Required work: Go through the data below and return each line where the string "image" occurs.
++++ Material for this exercise
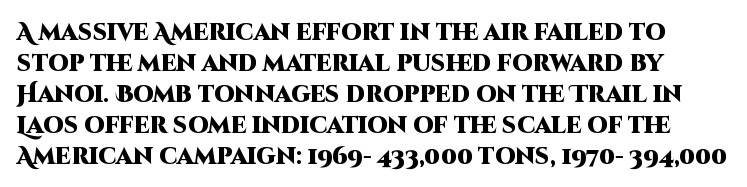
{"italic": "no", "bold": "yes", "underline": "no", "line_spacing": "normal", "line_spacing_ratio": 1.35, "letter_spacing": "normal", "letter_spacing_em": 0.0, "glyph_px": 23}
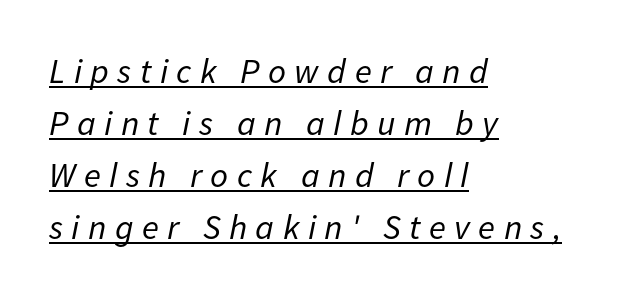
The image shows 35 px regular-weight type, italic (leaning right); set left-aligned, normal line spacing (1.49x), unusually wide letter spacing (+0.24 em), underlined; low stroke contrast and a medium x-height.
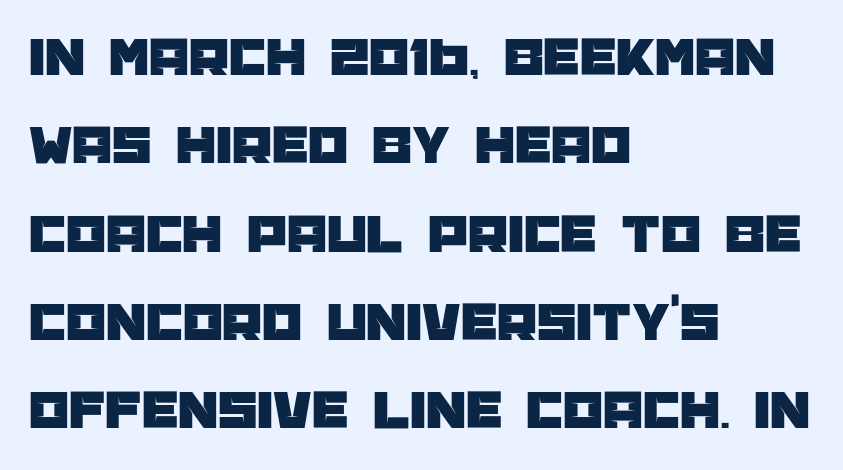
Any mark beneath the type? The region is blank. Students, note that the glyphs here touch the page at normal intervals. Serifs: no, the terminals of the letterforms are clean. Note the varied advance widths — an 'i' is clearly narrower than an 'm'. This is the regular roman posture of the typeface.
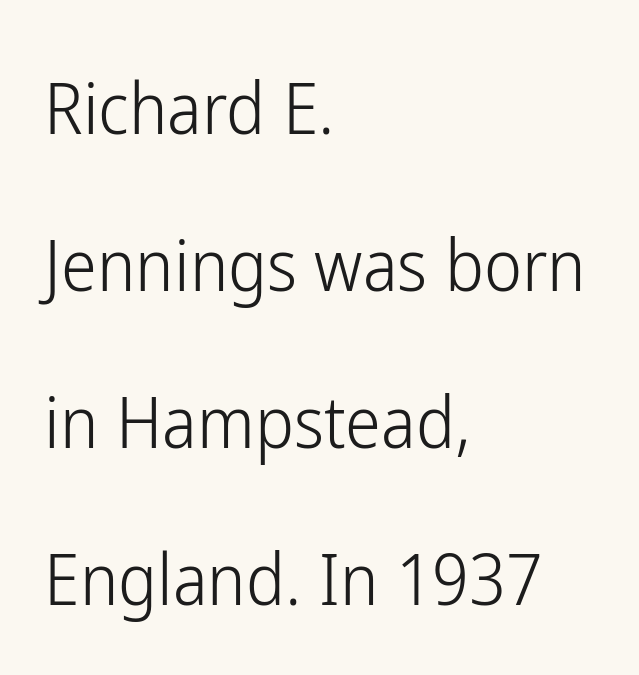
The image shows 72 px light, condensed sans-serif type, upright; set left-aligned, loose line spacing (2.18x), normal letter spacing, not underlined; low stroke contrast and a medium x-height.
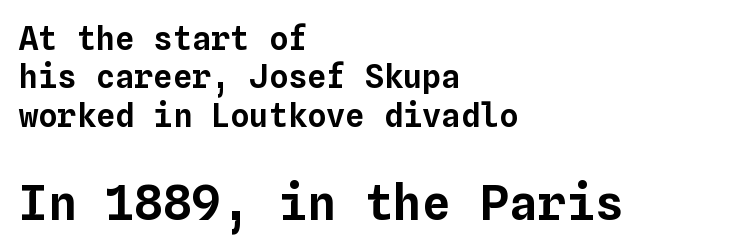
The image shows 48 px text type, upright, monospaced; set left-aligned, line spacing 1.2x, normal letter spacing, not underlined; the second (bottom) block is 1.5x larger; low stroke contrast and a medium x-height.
++++++++
Worked solution:
The image shows 35 px regular-weight type, italic (leaning right); set left-aligned, normal line spacing (1.49x), unusually wide letter spacing (+0.24 em), underlined; low stroke contrast and a medium x-height.
The image shows 72 px light, condensed sans-serif type, upright; set left-aligned, loose line spacing (2.18x), normal letter spacing, not underlined; low stroke contrast and a medium x-height.
The image shows 48 px text type, upright, monospaced; set left-aligned, line spacing 1.2x, normal letter spacing, not underlined; the second (bottom) block is 1.5x larger; low stroke contrast and a medium x-height.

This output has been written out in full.